Why would a seller not sell?

Sellers may want to back out of a home sale for all kinds of reasons. The main one? They just can’t find a new home that seems as perfect as the one they’re in now.

“Predominantly, the issue arises when the sale is contingent upon the seller finding a suitable alternate property either to upsize or downsize,” says Michael Kelczewski, a Realtor® with Brandywine Fine Properties at Sotheby’s International Realty in Wilmington, DE.

A home seller who turns a 180 could also be treading murky ethical waters, backing out of an accepted offer because a better one came along. Still, just because home sellers want to back out of a deal doesn’t mean they can unless they do so carefully. So when are they free and clear?

The 5 times a home seller can back out of a sale

Sellers can back out of a home sale without ramifications in the following instances:

  • The contract hasn’t been signed. Before a contract is officially signed, a seller can kibosh a deal at anytime (that’s what happened to me).
  • The contract is in the five-day attorney review period. Most home sales involve the use of a standard real estate contract, which provides a five-day attorney review provision. During this time, the seller’s attorney or the buyer’s attorney can cancel the contract for any reason. This allows either party to back out without consequence. Although the seller can legally back out during an attorney review period, it’s not very common.
  • The seller planted an escape hatch in the contract. Sellers can place addendums within the contract that say they can back out without penalty—like a contingency that they have to find a new place where they want to live first.
  • The buyer doesn’t adhere to the contract terms. One common buyer issue is the buyer failing to secure a mortgage in a certain time frame. If sellers don’t want to wait around for the buyers to find financing elsewhere, they can move on.
  • The buyer requests repairs the seller is unwilling to do. When home buyers get a home inspection, they’ll often request that sellers make repairs based on that report, or issue a “repair credit” to cover those costs. The thing is, sellers can always refuse—a move that could “constructively cancel” the real estate contract. In essence, the seller forces the buyer’s hand, since constructive cancellation requires the buyer to either back off on the requests or back out of the deal, says Brian J. Thompson, a CPA and attorney in Chicago.

When a home seller can’t back out of a sale

But aside from the above reasons, once a real estate transaction has a fully executed purchase agreement that’s past the five-day mark, it’s not that easy for a seller to flake out. Are there serious consequences if a seller reneges on a deal right before closing? “Most definitely,” says Denise Supplee, operations director of SparkRental.

That’s because in the laws governing real estate transactions, there’s something called a “specific performance” provision. This entitles buyers to force the seller to honor their obligations under the contract. It entails taking the seller to court and forcing the completion of the sale.

The problem with this route is it takes time and money for a buyer to enforce, and most home buyers don’t want to wait a few years to get into a new home while their cash deposit sits in escrow. Most buyers would probably let it go, says Gary Lucido, president of Chicago’s Lucid Realty.

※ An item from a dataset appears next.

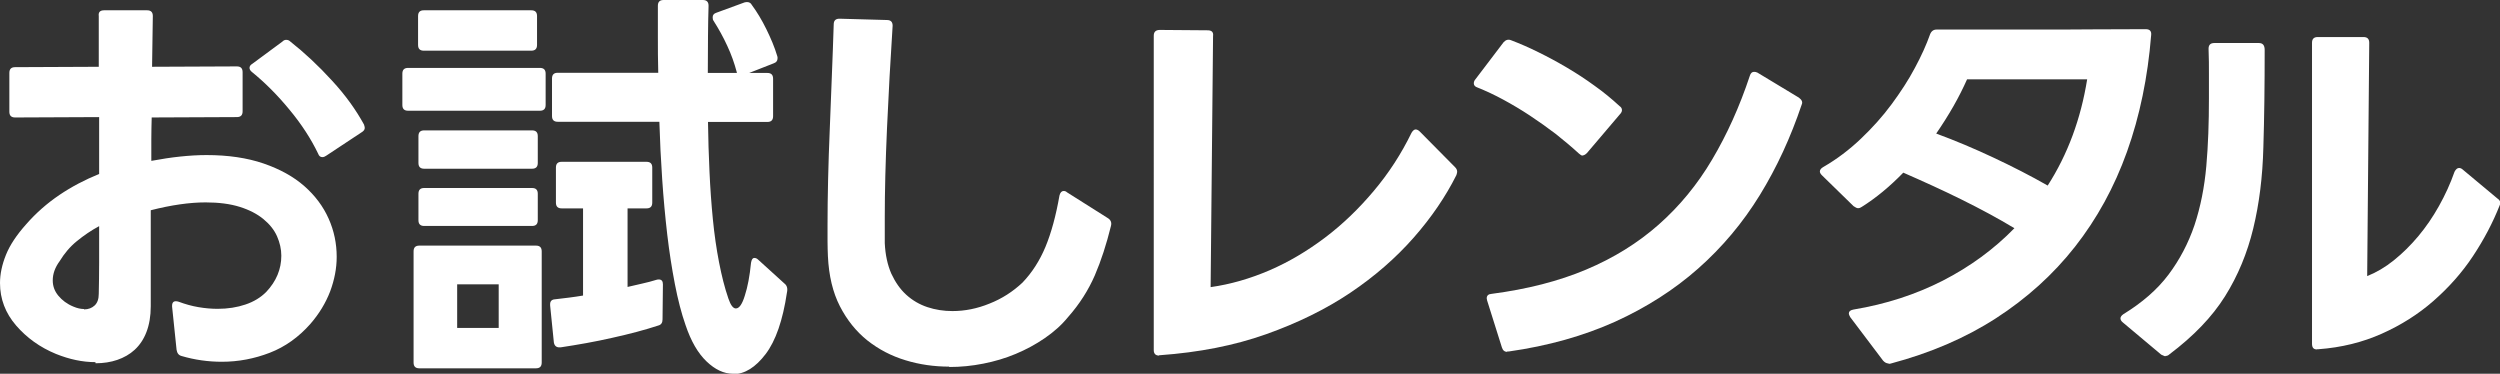 <?xml version="1.0" encoding="UTF-8"?><svg id="_レイヤー_2" xmlns="http://www.w3.org/2000/svg" width="133.65" height="19.98" viewBox="0 0 133.65 19.98"><rect x="0" y="0" width="133.65" height="19.98" fill="#333333" stroke="none"/><defs><style>.cls-1{fill:#fff;}</style></defs><g id="_レイヤー_1-2"><path class="cls-1" d="M5.1,19.36c-.69,0-1.39-.15-2.11-.44-.85-.35-1.56-.86-2.13-1.52-.57-.66-.86-1.42-.86-2.27,0-.48.11-.99.32-1.51.21-.52.57-1.06,1.07-1.62.54-.62,1.14-1.14,1.79-1.58.65-.44,1.36-.81,2.12-1.12v-3.04l-4.49.02c-.21,0-.31-.1-.31-.31v-2.07c0-.21.1-.31.31-.31l4.47-.02V.86c-.03-.21.07-.31.29-.31h2.29c.21,0,.31.1.31.31l-.04,2.71,4.53-.02c.21,0,.31.1.31.31v2.09c0,.21-.1.31-.31.31l-4.55.02c-.01.38-.02.77-.02,1.16v1.16c.54-.1,1.06-.18,1.54-.23.48-.05.95-.08,1.41-.08,1.16,0,2.17.15,3.05.45.87.3,1.6.7,2.18,1.21.58.51,1.01,1.09,1.3,1.74s.43,1.33.43,2.04c0,.62-.12,1.23-.35,1.85-.24.62-.59,1.2-1.06,1.74-.62.7-1.34,1.22-2.17,1.54-.83.32-1.68.48-2.56.48-.73,0-1.45-.1-2.16-.31-.15-.04-.23-.15-.26-.33l-.24-2.31v-.04c0-.22.12-.29.35-.22.35.13.7.23,1.06.29.35.06.7.09,1.03.09.54,0,1.04-.08,1.48-.23.45-.15.82-.38,1.11-.67.54-.57.81-1.22.81-1.94,0-.35-.08-.7-.23-1.04s-.4-.65-.73-.92c-.33-.27-.75-.49-1.26-.65-.51-.16-1.12-.24-1.83-.24-.85,0-1.83.14-2.93.42v5.13c0,.53-.08.99-.23,1.38-.15.39-.36.7-.63.95-.26.24-.58.42-.93.54s-.74.18-1.16.18ZM4.49,16.54c.23,0,.42-.07.57-.21s.22-.35.22-.63c.01-.5.02-1.05.02-1.66v-1.95c-.43.23-.82.5-1.19.8-.37.3-.67.66-.92,1.07-.25.34-.37.68-.37,1.03,0,.31.1.58.3.82.2.24.46.44.8.58.21.09.4.13.57.13ZM17.23,8.4c-.1,0-.18-.06-.22-.18-.38-.79-.89-1.58-1.53-2.35-.64-.78-1.31-1.45-2.01-2.02-.09-.07-.13-.15-.13-.22,0-.09.05-.16.15-.22l1.61-1.19c.06-.06.12-.09.2-.09.09,0,.16.03.22.09.76.6,1.51,1.3,2.23,2.09.73.79,1.29,1.58,1.71,2.35.03.09.04.15.04.18,0,.09-.06.17-.18.24l-1.89,1.25c-.06.04-.12.07-.2.07Z"/><path class="cls-1" d="M21.82,5.92c-.21,0-.31-.1-.31-.31v-1.67c0-.21.1-.31.31-.31h7.04c.21,0,.31.1.31.31v1.67c0,.21-.1.31-.31.31h-7.04ZM22.42,19.69c-.21,0-.31-.1-.31-.31v-5.94c0-.21.1-.31.31-.31h6.23c.21,0,.31.1.31.31v5.94c0,.21-.1.31-.31.31h-6.23ZM22.66,2.71c-.21,0-.31-.1-.31-.31V.86c0-.21.1-.31.31-.31h5.74c.21,0,.31.1.31.31v1.54c0,.21-.1.31-.31.31h-5.74ZM22.68,9.02c-.21,0-.31-.1-.31-.31v-1.43c0-.21.1-.31.31-.31h5.76c.21,0,.31.1.31.31v1.43c0,.21-.1.31-.31.31h-5.76ZM22.68,12.08c-.21,0-.31-.1-.31-.31v-1.41c0-.21.1-.31.31-.31h5.76c.21,0,.31.1.31.31v1.41c0,.21-.1.31-.31.31h-5.76ZM26.66,17.53v-2.33h-2.22v2.33h2.22ZM29.9,18.57c-.16,0-.26-.09-.29-.26l-.2-1.98v-.07c0-.16.09-.25.26-.26.25-.03.5-.06.75-.09.25-.03.5-.07.75-.11v-4.66h-1.14c-.21,0-.31-.1-.31-.31v-1.87c0-.21.1-.31.31-.31h4.53c.21,0,.31.1.31.31v1.87c0,.21-.1.31-.31.31h-1.01v4.2c.26-.06.52-.12.78-.18.26-.06.51-.12.76-.2.03-.01.07-.02.13-.02.15,0,.22.09.22.26l-.02,1.87c0,.18-.07.29-.22.33-.73.24-1.56.46-2.47.66-.92.21-1.84.37-2.76.51h-.07ZM39.18,19.98c-.48,0-.95-.22-1.41-.66-.46-.44-.83-1.08-1.12-1.94-.22-.63-.41-1.36-.57-2.19-.16-.83-.3-1.72-.41-2.66-.11-.95-.2-1.93-.27-2.96-.07-1.03-.12-2.05-.15-3.06h-5.43c-.21,0-.31-.1-.31-.31v-2c0-.21.1-.31.31-.31h5.37c-.02-.67-.02-1.31-.02-1.91V.31c0-.21.1-.31.31-.31h2.09c.21,0,.31.1.31.31-.01.47-.03,1.01-.03,1.62s-.01,1.26-.01,1.97h1.56s-.02-.04-.02-.07c-.12-.45-.28-.91-.5-1.38-.21-.46-.46-.91-.74-1.35-.03-.04-.04-.1-.04-.18,0-.12.07-.2.2-.24l1.5-.55s.07-.02.13-.02c.12,0,.21.05.26.15.28.38.54.81.78,1.3s.44.96.58,1.43c.01.03.02.07.02.11,0,.15-.07.24-.22.29l-1.3.51h.97c.21,0,.31.1.31.31v2c0,.21-.1.31-.31.31h-3.17c.01.89.04,1.78.08,2.66.04.88.1,1.73.18,2.54.08.81.19,1.58.33,2.3.14.72.3,1.36.5,1.94.12.35.25.53.4.53.18,0,.34-.23.48-.69.15-.46.26-1.04.33-1.75.03-.18.09-.26.18-.26.07,0,.14.03.2.09l1.41,1.28c.13.1.18.26.13.48-.22,1.48-.6,2.58-1.14,3.29-.54.71-1.12,1.07-1.72,1.07Z"/><path class="cls-1" d="M50.75,19.6c-.81,0-1.59-.11-2.34-.34-.76-.23-1.43-.58-2.04-1.06-.6-.48-1.09-1.09-1.47-1.83-.38-.74-.59-1.63-.64-2.67-.01-.25-.02-.52-.02-.8v-.89c0-.73.01-1.54.03-2.41.02-.87.05-1.77.09-2.71.04-.93.07-1.87.11-2.82.04-.95.07-1.87.1-2.76,0-.21.1-.31.31-.31l2.53.07c.21,0,.31.1.31.31-.12,1.85-.22,3.67-.3,5.46s-.12,3.39-.12,4.8v1.36c.03.63.15,1.17.35,1.63.21.45.47.83.8,1.13s.71.52,1.13.66.87.21,1.34.21c.66,0,1.32-.13,1.98-.4.66-.26,1.25-.64,1.76-1.12.51-.53.92-1.17,1.23-1.91.31-.75.56-1.66.75-2.75.04-.16.12-.24.22-.24.07,0,.13.02.18.07l2.2,1.39c.15.1.2.24.15.42-.24.97-.52,1.84-.86,2.63-.34.78-.81,1.53-1.43,2.23-.35.43-.77.8-1.25,1.13-.48.33-1,.61-1.55.84-.55.23-1.12.4-1.73.52-.6.12-1.21.18-1.83.18Z"/><path class="cls-1" d="M61.97,19.01c-.19,0-.29-.1-.29-.29V1.91c0-.21.11-.31.33-.31l2.55.02c.22,0,.32.1.29.31l-.13,13.42c1.06-.15,2.1-.45,3.15-.9,1.04-.45,2.03-1.04,2.97-1.75.94-.71,1.8-1.54,2.6-2.49s1.47-1.98,2.02-3.11c.07-.12.15-.18.22-.18s.15.04.22.11l1.89,1.91c.07.07.11.15.11.24,0,.03-.01.09-.04.18-.57,1.14-1.33,2.26-2.28,3.34s-2.08,2.07-3.39,2.95c-1.31.88-2.82,1.62-4.51,2.22-1.69.6-3.58.97-5.67,1.12h-.04Z"/><path class="cls-1" d="M84.61,8.32c-.06,0-.12-.04-.2-.11-.38-.35-.8-.7-1.24-1.05-.45-.34-.91-.67-1.38-.98-.47-.31-.94-.59-1.42-.85s-.93-.47-1.38-.65c-.13-.04-.2-.12-.2-.22,0-.07.02-.14.07-.2l1.52-2c.12-.13.25-.17.4-.11.47.18.96.39,1.46.64.51.25,1.01.52,1.52.82.51.3,1,.62,1.48.97.48.34.93.71,1.34,1.09.09.06.13.13.13.22,0,.07-.04.15-.11.22l-1.76,2.07c-.09.09-.17.13-.24.13ZM80.58,18.81c-.15,0-.24-.08-.29-.24l-.79-2.51-.02-.11c0-.15.09-.23.26-.24,1.91-.25,3.59-.68,5.06-1.3,1.47-.62,2.76-1.42,3.87-2.4,1.11-.98,2.07-2.14,2.86-3.48.79-1.33,1.47-2.83,2.02-4.49.04-.13.12-.2.22-.2.06,0,.12.01.18.04l2.22,1.34c.16.12.21.24.15.37-.59,1.75-1.33,3.36-2.24,4.84-.91,1.48-2.01,2.79-3.3,3.93-1.29,1.14-2.77,2.08-4.44,2.84-1.67.75-3.56,1.29-5.68,1.59h-.09Z"/><path class="cls-1" d="M100.96,19.43c-.1,0-.2-.05-.29-.15l-1.76-2.33c-.04-.07-.07-.14-.07-.2,0-.1.08-.17.24-.2,1.75-.29,3.34-.81,4.79-1.55,1.44-.74,2.72-1.67,3.82-2.8-.88-.53-1.83-1.04-2.84-1.54-1.01-.5-2.05-.97-3.1-1.43-.73.75-1.47,1.36-2.22,1.83-.06.04-.12.07-.2.07-.06,0-.14-.04-.24-.11l-1.69-1.65c-.07-.07-.11-.14-.11-.2,0-.09.06-.17.18-.24.73-.42,1.4-.93,2.01-1.51.61-.58,1.16-1.19,1.64-1.84.48-.65.9-1.29,1.25-1.95.35-.65.62-1.25.81-1.79.07-.18.19-.26.35-.26h5.45c.97,0,1.95,0,2.93-.01.97,0,1.91-.01,2.8-.01.22,0,.32.11.29.33-.18,2.24-.61,4.32-1.29,6.22s-1.61,3.59-2.78,5.08c-1.17,1.49-2.58,2.76-4.22,3.82-1.64,1.06-3.51,1.86-5.61,2.42-.03.01-.07.02-.13.02ZM109.47,9.92c1.07-1.67,1.77-3.56,2.11-5.68h-6.42c-.21.47-.45.95-.73,1.44-.28.49-.59.98-.92,1.46,1.03.38,2.05.81,3.07,1.29s1.98.97,2.89,1.49Z"/><path class="cls-1" d="M115.76,19.05s-.1-.03-.22-.09l-2.05-1.72c-.09-.07-.13-.15-.13-.22s.05-.15.15-.22c1.01-.62,1.82-1.32,2.42-2.12.6-.8,1.06-1.68,1.39-2.65.32-.97.53-2.02.63-3.15.1-1.13.14-2.34.14-3.63v-1.29c0-.43,0-.88-.02-1.35,0-.21.1-.31.31-.31h2.38c.21,0,.31.12.31.37,0,1.89-.02,3.63-.07,5.2-.04,1.58-.22,3.02-.54,4.34s-.82,2.53-1.51,3.63c-.69,1.1-1.68,2.13-2.97,3.1-.06.06-.13.09-.22.09ZM123.86,18.68c-.18,0-.26-.1-.26-.31V2.29c0-.21.1-.31.31-.31h2.44c.21,0,.31.1.31.31l-.11,12.47c.48-.19.96-.47,1.42-.84s.9-.8,1.31-1.29c.41-.49.78-1.03,1.11-1.62.33-.59.61-1.2.83-1.83.07-.13.15-.2.24-.2.06,0,.12.02.18.07l1.87,1.56c.15.1.19.22.13.35-.37.94-.85,1.85-1.44,2.74-.59.89-1.3,1.68-2.11,2.39s-1.73,1.29-2.76,1.75c-1.03.46-2.16.74-3.39.83h-.07Z"/></g></svg>

Yet that doesn’t mean a buyer has to just let a flip-flopping seller walk away scot-free. Instead, a jilted buyer can sue for damages from the seller for breach of contract. The lawsuit can include recouping monies the buyer spent on temporary housing (especially if the buyer sold an old home to buy the new home) and costs for storing furniture. Monetary damages could also include legal costs as well as inspection, survey, and HOA application fees.

For sellers facing such a scenario, “usually the easiest path is to pay the buyer the amount that makes them whole again,” advises Carl Gentile of Gentile & Associates in New York City. So, feel free to pursue this route if you feel wronged and want the seller to make amends.